--- Provided information ---

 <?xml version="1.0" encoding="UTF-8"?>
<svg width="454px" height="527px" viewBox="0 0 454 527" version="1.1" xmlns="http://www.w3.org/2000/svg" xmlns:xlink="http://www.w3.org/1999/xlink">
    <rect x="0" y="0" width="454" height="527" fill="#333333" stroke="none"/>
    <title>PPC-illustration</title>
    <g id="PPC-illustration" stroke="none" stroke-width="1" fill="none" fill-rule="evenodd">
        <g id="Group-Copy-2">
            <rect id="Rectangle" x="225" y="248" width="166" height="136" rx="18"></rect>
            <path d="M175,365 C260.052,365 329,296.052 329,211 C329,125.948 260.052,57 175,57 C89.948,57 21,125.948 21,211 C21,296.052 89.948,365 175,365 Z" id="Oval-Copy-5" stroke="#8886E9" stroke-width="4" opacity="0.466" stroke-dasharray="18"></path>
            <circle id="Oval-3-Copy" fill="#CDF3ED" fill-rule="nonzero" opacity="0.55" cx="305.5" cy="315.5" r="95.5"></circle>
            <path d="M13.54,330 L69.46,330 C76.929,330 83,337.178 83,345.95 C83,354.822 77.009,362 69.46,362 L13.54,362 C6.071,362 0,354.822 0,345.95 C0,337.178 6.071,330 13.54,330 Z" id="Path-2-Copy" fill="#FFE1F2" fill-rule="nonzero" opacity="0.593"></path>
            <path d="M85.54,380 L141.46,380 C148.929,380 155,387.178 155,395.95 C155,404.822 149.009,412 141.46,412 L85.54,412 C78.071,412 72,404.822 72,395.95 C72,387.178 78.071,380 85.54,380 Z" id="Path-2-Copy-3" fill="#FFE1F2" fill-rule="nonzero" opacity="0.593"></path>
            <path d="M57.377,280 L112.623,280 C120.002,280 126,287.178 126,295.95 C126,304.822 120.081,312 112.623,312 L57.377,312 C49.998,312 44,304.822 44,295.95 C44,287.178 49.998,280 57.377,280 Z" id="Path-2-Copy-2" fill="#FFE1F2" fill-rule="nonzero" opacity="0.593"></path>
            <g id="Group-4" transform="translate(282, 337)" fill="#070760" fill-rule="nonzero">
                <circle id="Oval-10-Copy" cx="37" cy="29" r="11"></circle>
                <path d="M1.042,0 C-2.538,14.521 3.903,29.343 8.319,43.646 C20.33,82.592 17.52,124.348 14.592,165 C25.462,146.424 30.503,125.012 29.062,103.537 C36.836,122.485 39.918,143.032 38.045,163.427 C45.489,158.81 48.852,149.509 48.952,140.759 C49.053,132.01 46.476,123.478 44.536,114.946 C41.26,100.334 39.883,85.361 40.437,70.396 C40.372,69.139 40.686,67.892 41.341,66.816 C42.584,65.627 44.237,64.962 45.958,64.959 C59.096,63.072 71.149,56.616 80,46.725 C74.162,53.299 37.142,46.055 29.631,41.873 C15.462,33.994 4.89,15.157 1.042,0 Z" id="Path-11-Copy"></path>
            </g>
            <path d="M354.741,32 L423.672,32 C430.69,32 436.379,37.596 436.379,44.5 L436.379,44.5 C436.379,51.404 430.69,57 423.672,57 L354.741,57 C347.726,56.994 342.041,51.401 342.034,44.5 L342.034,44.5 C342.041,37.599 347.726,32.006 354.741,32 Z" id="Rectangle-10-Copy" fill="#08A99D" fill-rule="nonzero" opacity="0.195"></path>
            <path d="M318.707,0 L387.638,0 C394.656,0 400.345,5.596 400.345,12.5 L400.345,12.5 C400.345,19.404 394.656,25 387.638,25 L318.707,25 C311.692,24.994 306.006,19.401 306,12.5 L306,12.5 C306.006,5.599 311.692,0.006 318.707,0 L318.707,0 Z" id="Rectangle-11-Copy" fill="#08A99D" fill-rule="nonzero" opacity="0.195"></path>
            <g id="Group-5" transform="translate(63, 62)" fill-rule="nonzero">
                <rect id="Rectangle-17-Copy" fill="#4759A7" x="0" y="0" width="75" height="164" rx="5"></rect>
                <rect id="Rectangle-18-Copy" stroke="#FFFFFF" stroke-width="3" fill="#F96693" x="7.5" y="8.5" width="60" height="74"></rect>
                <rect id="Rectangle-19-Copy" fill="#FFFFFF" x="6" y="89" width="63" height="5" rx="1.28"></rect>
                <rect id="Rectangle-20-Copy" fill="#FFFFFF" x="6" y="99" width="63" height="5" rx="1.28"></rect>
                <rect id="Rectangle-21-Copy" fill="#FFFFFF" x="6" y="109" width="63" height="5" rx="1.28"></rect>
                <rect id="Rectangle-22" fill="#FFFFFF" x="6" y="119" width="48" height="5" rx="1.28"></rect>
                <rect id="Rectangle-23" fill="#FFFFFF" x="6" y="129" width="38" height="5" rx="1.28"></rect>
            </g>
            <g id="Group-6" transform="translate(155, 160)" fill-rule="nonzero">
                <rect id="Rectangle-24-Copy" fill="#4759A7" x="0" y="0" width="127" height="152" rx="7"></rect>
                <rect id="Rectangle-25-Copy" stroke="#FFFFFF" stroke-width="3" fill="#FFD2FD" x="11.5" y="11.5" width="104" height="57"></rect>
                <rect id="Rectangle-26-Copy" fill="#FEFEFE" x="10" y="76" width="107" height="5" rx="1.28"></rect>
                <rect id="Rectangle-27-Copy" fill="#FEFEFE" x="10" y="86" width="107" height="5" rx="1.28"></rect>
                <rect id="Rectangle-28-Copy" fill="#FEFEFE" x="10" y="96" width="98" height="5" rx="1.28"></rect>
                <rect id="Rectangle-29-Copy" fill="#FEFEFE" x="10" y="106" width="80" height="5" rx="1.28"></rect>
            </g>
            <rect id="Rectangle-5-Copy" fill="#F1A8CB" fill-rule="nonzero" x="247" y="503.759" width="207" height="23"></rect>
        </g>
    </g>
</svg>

---

An exact transcription of the entries is needed, complete to the final line.

• Exercise output
 <?xml version="1.0" encoding="UTF-8"?>
<svg width="454px" height="527px" viewBox="0 0 454 527" version="1.1" xmlns="http://www.w3.org/2000/svg" xmlns:xlink="http://www.w3.org/1999/xlink">
    <rect x="0" y="0" width="454" height="527" fill="#333333" stroke="none"/>
    <title>PPC-illustration</title>
    <g id="PPC-illustration" stroke="none" stroke-width="1" fill="none" fill-rule="evenodd">
        <g id="Group-Copy-2">
            <rect id="Rectangle" x="225" y="248" width="166" height="136" rx="18"></rect>
            <path d="M175,365 C260.052,365 329,296.052 329,211 C329,125.948 260.052,57 175,57 C89.948,57 21,125.948 21,211 C21,296.052 89.948,365 175,365 Z" id="Oval-Copy-5" stroke="#8886E9" stroke-width="4" opacity="0.466" stroke-dasharray="18"></path>
            <circle id="Oval-3-Copy" fill="#CDF3ED" fill-rule="nonzero" opacity="0.55" cx="305.5" cy="315.5" r="95.5"></circle>
            <path d="M13.54,330 L69.46,330 C76.929,330 83,337.178 83,345.95 C83,354.822 77.009,362 69.46,362 L13.54,362 C6.071,362 0,354.822 0,345.95 C0,337.178 6.071,330 13.54,330 Z" id="Path-2-Copy" fill="#FFE1F2" fill-rule="nonzero" opacity="0.593"></path>
            <path d="M85.54,380 L141.46,380 C148.929,380 155,387.178 155,395.95 C155,404.822 149.009,412 141.46,412 L85.54,412 C78.071,412 72,404.822 72,395.95 C72,387.178 78.071,380 85.54,380 Z" id="Path-2-Copy-3" fill="#FFE1F2" fill-rule="nonzero" opacity="0.593"></path>
            <path d="M57.377,280 L112.623,280 C120.002,280 126,287.178 126,295.95 C126,304.822 120.081,312 112.623,312 L57.377,312 C49.998,312 44,304.822 44,295.95 C44,287.178 49.998,280 57.377,280 Z" id="Path-2-Copy-2" fill="#FFE1F2" fill-rule="nonzero" opacity="0.593"></path>
            <g id="Group-4" transform="translate(282, 337)" fill="#070760" fill-rule="nonzero">
                <circle id="Oval-10-Copy" cx="37" cy="29" r="11"></circle>
                <path d="M1.042,0 C-2.538,14.521 3.903,29.343 8.319,43.646 C20.33,82.592 17.52,124.348 14.592,165 C25.462,146.424 30.503,125.012 29.062,103.537 C36.836,122.485 39.918,143.032 38.045,163.427 C45.489,158.81 48.852,149.509 48.952,140.759 C49.053,132.01 46.476,123.478 44.536,114.946 C41.26,100.334 39.883,85.361 40.437,70.396 C40.372,69.139 40.686,67.892 41.341,66.816 C42.584,65.627 44.237,64.962 45.958,64.959 C59.096,63.072 71.149,56.616 80,46.725 C74.162,53.299 37.142,46.055 29.631,41.873 C15.462,33.994 4.89,15.157 1.042,0 Z" id="Path-11-Copy"></path>
            </g>
            <path d="M354.741,32 L423.672,32 C430.69,32 436.379,37.596 436.379,44.5 L436.379,44.5 C436.379,51.404 430.69,57 423.672,57 L354.741,57 C347.726,56.994 342.041,51.401 342.034,44.5 L342.034,44.5 C342.041,37.599 347.726,32.006 354.741,32 Z" id="Rectangle-10-Copy" fill="#08A99D" fill-rule="nonzero" opacity="0.195"></path>
            <path d="M318.707,0 L387.638,0 C394.656,0 400.345,5.596 400.345,12.5 L400.345,12.5 C400.345,19.404 394.656,25 387.638,25 L318.707,25 C311.692,24.994 306.006,19.401 306,12.5 L306,12.5 C306.006,5.599 311.692,0.006 318.707,0 L318.707,0 Z" id="Rectangle-11-Copy" fill="#08A99D" fill-rule="nonzero" opacity="0.195"></path>
            <g id="Group-5" transform="translate(63, 62)" fill-rule="nonzero">
                <rect id="Rectangle-17-Copy" fill="#4759A7" x="0" y="0" width="75" height="164" rx="5"></rect>
                <rect id="Rectangle-18-Copy" stroke="#FFFFFF" stroke-width="3" fill="#F96693" x="7.5" y="8.5" width="60" height="74"></rect>
                <rect id="Rectangle-19-Copy" fill="#FFFFFF" x="6" y="89" width="63" height="5" rx="1.28"></rect>
                <rect id="Rectangle-20-Copy" fill="#FFFFFF" x="6" y="99" width="63" height="5" rx="1.28"></rect>
                <rect id="Rectangle-21-Copy" fill="#FFFFFF" x="6" y="109" width="63" height="5" rx="1.28"></rect>
                <rect id="Rectangle-22" fill="#FFFFFF" x="6" y="119" width="48" height="5" rx="1.28"></rect>
                <rect id="Rectangle-23" fill="#FFFFFF" x="6" y="129" width="38" height="5" rx="1.28"></rect>
            </g>
            <g id="Group-6" transform="translate(155, 160)" fill-rule="nonzero">
                <rect id="Rectangle-24-Copy" fill="#4759A7" x="0" y="0" width="127" height="152" rx="7"></rect>
                <rect id="Rectangle-25-Copy" stroke="#FFFFFF" stroke-width="3" fill="#FFD2FD" x="11.5" y="11.5" width="104" height="57"></rect>
                <rect id="Rectangle-26-Copy" fill="#FEFEFE" x="10" y="76" width="107" height="5" rx="1.28"></rect>
                <rect id="Rectangle-27-Copy" fill="#FEFEFE" x="10" y="86" width="107" height="5" rx="1.28"></rect>
                <rect id="Rectangle-28-Copy" fill="#FEFEFE" x="10" y="96" width="98" height="5" rx="1.28"></rect>
                <rect id="Rectangle-29-Copy" fill="#FEFEFE" x="10" y="106" width="80" height="5" rx="1.28"></rect>
            </g>
            <rect id="Rectangle-5-Copy" fill="#F1A8CB" fill-rule="nonzero" x="247" y="503.759" width="207" height="23"></rect>
        </g>
    </g>
</svg>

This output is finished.